I've made good and bad wines with Alexander's. On the whole, I think their white concentrates are a lot better than the reds, maybe because they tolerate the concentration a bit better. 

I made a passion fruit riesling with Alexander's Riesling and 64 oz of passion fruit syrup, and it's very good. I've been told by more than one person that they would buy it if I sold it. 

The key is no more than a 3 gallon batch with one can, and even then mix in some fruit or other juice to help out. I've used 2 cans for a 4 gallon batch and it turned out pretty good. 

As far as the reds go, I have only had decent results with the Barbera.

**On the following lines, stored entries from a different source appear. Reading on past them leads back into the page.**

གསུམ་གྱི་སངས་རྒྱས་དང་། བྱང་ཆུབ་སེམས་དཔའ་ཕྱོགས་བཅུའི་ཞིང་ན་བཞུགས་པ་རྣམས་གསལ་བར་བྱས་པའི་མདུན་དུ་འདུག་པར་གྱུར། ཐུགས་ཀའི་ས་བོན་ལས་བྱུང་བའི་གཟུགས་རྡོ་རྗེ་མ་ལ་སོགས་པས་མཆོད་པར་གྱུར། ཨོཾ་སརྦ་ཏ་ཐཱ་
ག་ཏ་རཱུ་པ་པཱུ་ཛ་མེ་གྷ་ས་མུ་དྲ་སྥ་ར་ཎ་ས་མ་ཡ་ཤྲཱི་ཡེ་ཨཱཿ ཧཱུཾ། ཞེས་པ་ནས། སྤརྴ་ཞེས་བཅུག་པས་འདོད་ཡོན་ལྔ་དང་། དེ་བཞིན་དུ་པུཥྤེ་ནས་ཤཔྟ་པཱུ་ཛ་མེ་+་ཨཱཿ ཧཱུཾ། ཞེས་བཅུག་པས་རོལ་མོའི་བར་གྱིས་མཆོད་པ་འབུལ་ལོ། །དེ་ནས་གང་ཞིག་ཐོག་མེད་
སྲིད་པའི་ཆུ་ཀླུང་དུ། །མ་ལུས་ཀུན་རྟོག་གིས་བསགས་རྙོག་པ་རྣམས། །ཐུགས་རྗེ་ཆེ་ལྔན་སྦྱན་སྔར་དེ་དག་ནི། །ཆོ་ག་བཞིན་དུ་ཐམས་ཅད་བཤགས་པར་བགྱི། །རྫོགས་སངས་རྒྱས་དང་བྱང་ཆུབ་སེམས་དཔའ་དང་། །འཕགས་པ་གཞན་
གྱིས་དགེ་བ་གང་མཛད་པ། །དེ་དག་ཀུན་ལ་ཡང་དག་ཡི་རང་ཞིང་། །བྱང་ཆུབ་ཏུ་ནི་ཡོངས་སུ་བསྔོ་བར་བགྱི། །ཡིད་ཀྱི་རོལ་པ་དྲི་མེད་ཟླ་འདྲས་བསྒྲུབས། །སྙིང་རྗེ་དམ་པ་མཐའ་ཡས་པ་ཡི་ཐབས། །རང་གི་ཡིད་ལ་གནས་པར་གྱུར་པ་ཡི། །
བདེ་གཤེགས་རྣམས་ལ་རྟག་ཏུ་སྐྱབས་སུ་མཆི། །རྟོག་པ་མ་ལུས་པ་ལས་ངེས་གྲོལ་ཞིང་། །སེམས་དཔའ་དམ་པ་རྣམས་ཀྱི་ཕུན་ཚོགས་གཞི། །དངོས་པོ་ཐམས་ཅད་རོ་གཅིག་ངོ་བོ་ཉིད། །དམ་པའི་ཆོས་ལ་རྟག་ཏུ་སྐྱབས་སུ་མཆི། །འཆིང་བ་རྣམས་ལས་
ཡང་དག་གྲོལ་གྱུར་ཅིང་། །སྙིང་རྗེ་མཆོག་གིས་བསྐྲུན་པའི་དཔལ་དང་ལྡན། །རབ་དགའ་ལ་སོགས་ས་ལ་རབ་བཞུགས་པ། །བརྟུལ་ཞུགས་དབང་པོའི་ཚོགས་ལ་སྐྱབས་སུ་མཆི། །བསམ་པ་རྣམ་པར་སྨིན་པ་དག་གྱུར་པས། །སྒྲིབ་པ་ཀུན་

I mix it with cherries or cherry juice and make Cherry Barbera. 

In most cases you probably would get better wine from a kit, but better than using frozen welches. The cool thing about Alexander's is that it's cheap enough to experiment with, and it's a good way to learn things like acid adjustment, hydrometer reading, clearing, etc without chancing messing up an expensive kit.


----------



## Loren

I also have made a Burgundy from Alexanders, wife loves it, especially after it reaches a year old. Also did a Reisling, was ok. Loren


----------



## deboard

I'll also say that if you prefer sweet wines, then your results will likely be better with Alexander's versus if you like dry wines. Sweetening covers a lot of faults. 

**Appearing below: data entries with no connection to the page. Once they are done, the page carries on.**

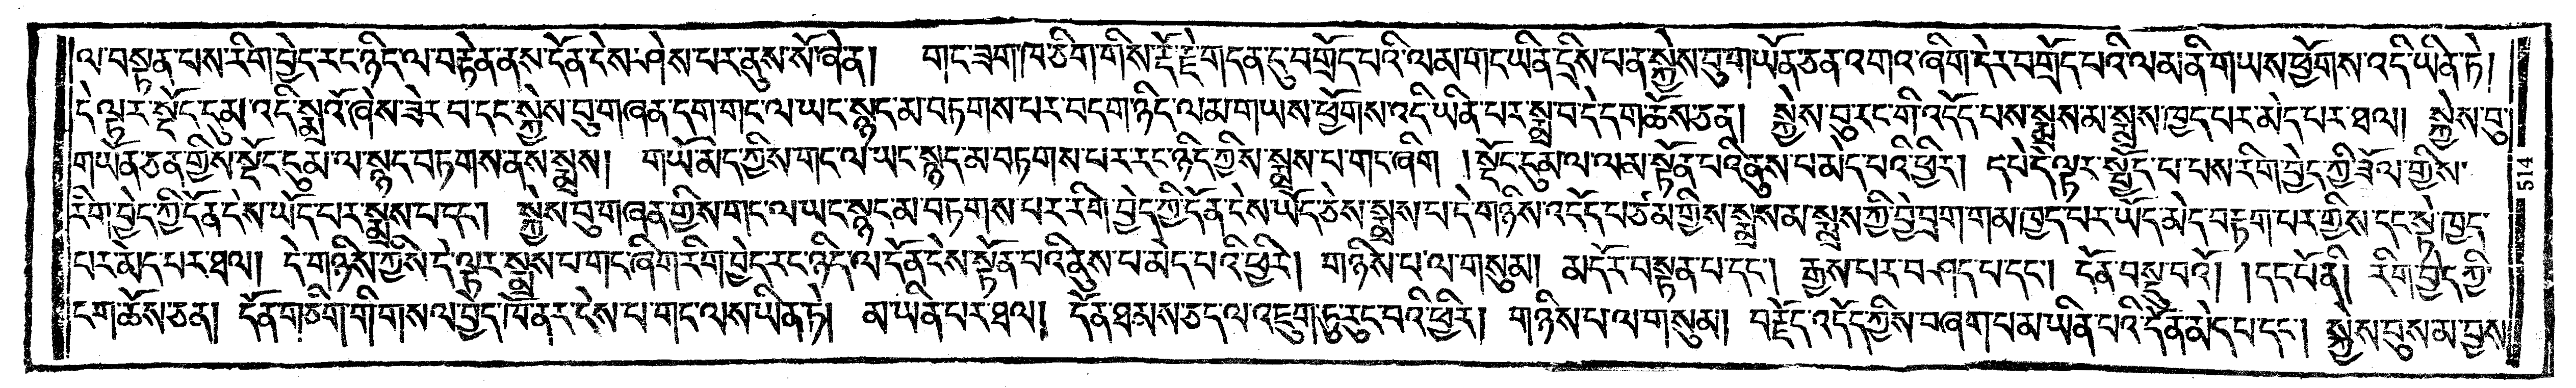ལ་བསྟན་པས་རིག་བྱེད་རང་ཉིད་ལ་བརྟེན་ནས་དོན་ངེས་ཤེས་པར་ནུས་སོ་ཞེ་ན། གང་ཟག་ཁ་ཅིག་གིས་རྡོ་རྗེ་གདན་དུ་བགྲོད་པའི་ལམ་གང་ཡིན་དྲིས་པ་ན་སྐྱེས་བུ་གཡོན་ཅན་འགའ་ཞིག་དེར་བགྲོད་པའི་ལམ་ནི་གཡས་ཕྱོགས་འདི་ཡིན་ཏེ།
དེ་ལྟར་སྡོང་དུམ་འདི་སྨྲའོ་ཞེས་ཟེར་བ་དང་སྐྱེས་བུ་གཞན་དག་གང་ལ་ཡང་སྙད་མ་བཏགས་པར་བདག་ཉིད་ལམ་གཡས་ཕྱོགས་འདི་ཡིན་པར་སྨྲ་བ་དེ་དག་ཆོས་ཅན། སྐྱེས་བུ་རང་གི་འདོད་པས་སྨྲས་མ་སྨྲས་ཁྱད་པར་མེད་པར་ཐལ། སྐྱེས་བུ་
གཡོན་ཅན་གྱིས་སྡོང་དུམ་ལ་སྙད་བཏགས་ནས་སྨྲས། གཡོ་མེད་ཀྱིས་གང་ལ་ཡང་སྙད་མ་བཏགས་པར་རང་ཉིད་ཀྱིས་སྨྲས་པ་གང་ཞིག །སྡོང་དུམ་ལ་ལམ་སྟོན་པའི་ནུས་པ་མེད་པའི་ཕྱིར། དཔེ་དེ་ལྟར་སྤྱོད་པ་པས་རིག་བྱེད་ཀྱི་ཟོལ་གྱིས་
རིག་བྱེད་ཀྱི་དོན་དེས་ཡོད་པར་སྨྲས་པ་དང་། སྐྱེས་བུ་གཞན་གྱིས་གང་ལ་ཡང་སྙད་མ་བཏགས་པར་རིག་བྱེད་ཀྱི་དོན་ངེས་ཡོད་ཅེས་སྨྲས་པ་དེ་གཉིས་འདོད་པ་ཙམ་གྱིས་སྨྲས་མ་སྨྲས་ཀྱི་བྱེ་བྲག་གམ་ཁྱད་པར་ཡོད་མེད་བརྟག་པར་གྱིས་དང་སྟེ་ཁྱད་
པར་མེད་པར་ཐལ། དེ་གཉིས་ཀྱིས་དེ་ལྟར་སྨྲས་པ་གང་ཞིག་རིག་བྱེད་རང་ཉིད་ལ་དོན་ངེས་སྟོན་པའི་ནུས་པ་མེད་པའི་ཕྱིར། གཉིས་པ་ལ་གསུམ། མདོར་བསྟན་པ་དང་། རྒྱས་པར་བཤད་པ་དང་། དོན་བསྡུ་བའོ། །དང་པོ་ནི། རིག་བྱེད་ཀྱི་
ངག་ཆོས་ཅན། དོན་གཅིག་གི་གསལ་བྱེད་ཁོ་ནར་ངེས་པ་གང་ལས་ཡིན་ཏེ། མ་ཡིན་པར་ཐལ། དོན་ཐམས་ཅད་ལ་འཇུག་ཏུ་རུང་བའི་ཕྱིར། གཉིས་པ་ལ་གསུམ། བརྗོད་འདོད་ཀྱིས་བཞག་པ་མ་ཡིན་པའི་དོན་མེད་པ་དང་། སྐྱེས་བུས་མ་བྱས་

The Cherry Barbera I make is dry, and for some reason it turns out pretty good. I've tried the merlot and cabernet sauvignon and both turned out pretty terrible dry. Just thin and not particularly flavorful, even after aging more than a year. I made a blackberry Pinot Noir with Alexander's and 20 lbs of blackberries that turned out ok, but nothing to rave about.


----------



## badmario

I started a Cabernet with Alexander concentrate about 6 months ago and I think it has shown excellent progress with body and taste. I feel like it will have comparable results to the Cabernet we made from vintner reserve. I did 3 cans for my 5 gallon batch, which cost only about $40.


----------



## Polarhug

I like adding 1 can to misc. fruit wines, it can really add complexity.


----------



## Abrnth3

I use thier Zinfadel and have made some very nice wines, the last one I oaked and it was exceptional. I use 2 cans for a 5 gallon batch wich is only $42 really nice and inexpensive wine.


----------



## olusteebus

I combined two cans of Cabernet with six jars of blackberry jam (longtrain's recipe) and it is fantastic.


----------



## hollywood

When you use the Alexander's and add jelly or fruits and things like that, when do you add them? I'm very new here.


----------



## olusteebus

Add them before you start fermentation


----------



## 1Adam12

*First timer*

Ok so Im a first timer and I bought the Alexanders Zinfandel recipe for my first batch… I'm day 3 into it and I'm following the recipe as written on the can. 

What my question is: From day 2 to day 3, mixing as it states, I also have been testing and recording temp, sp GR, PA and Brix. 
Day 2 my readings were 72F, 84, 11% and 21
Day 3 my readings were 74F, 62, 8% and 15.5

Question being; in one day do things change that extreme or am I just freaking out for no reason?


----------



## mrdillon5

The only luck i have had is the chardonnay from Alexanders


----------



## yanks4carolyn

*Alexander's Sun Country Concentrates*

Have any of you used the Muscat juice? I want to make a Moscato-ish flavor.


----------



## Amanda660

I made a Alexanders Riesling. My GFs like sweet wine so I made 6 gallons of what a labeled "Insulin Required Riesling". 8 mos in the bottle and I entered one in Stone Hill Wineries (Hermann, Missouri) amateur wine makers contest and it won Grand Champion a few weeks ago. I don't embrace sweet wine but people seem to love it and my GFs are happy. 6 gallons cost me about $60 to make so I'm not complaining.


----------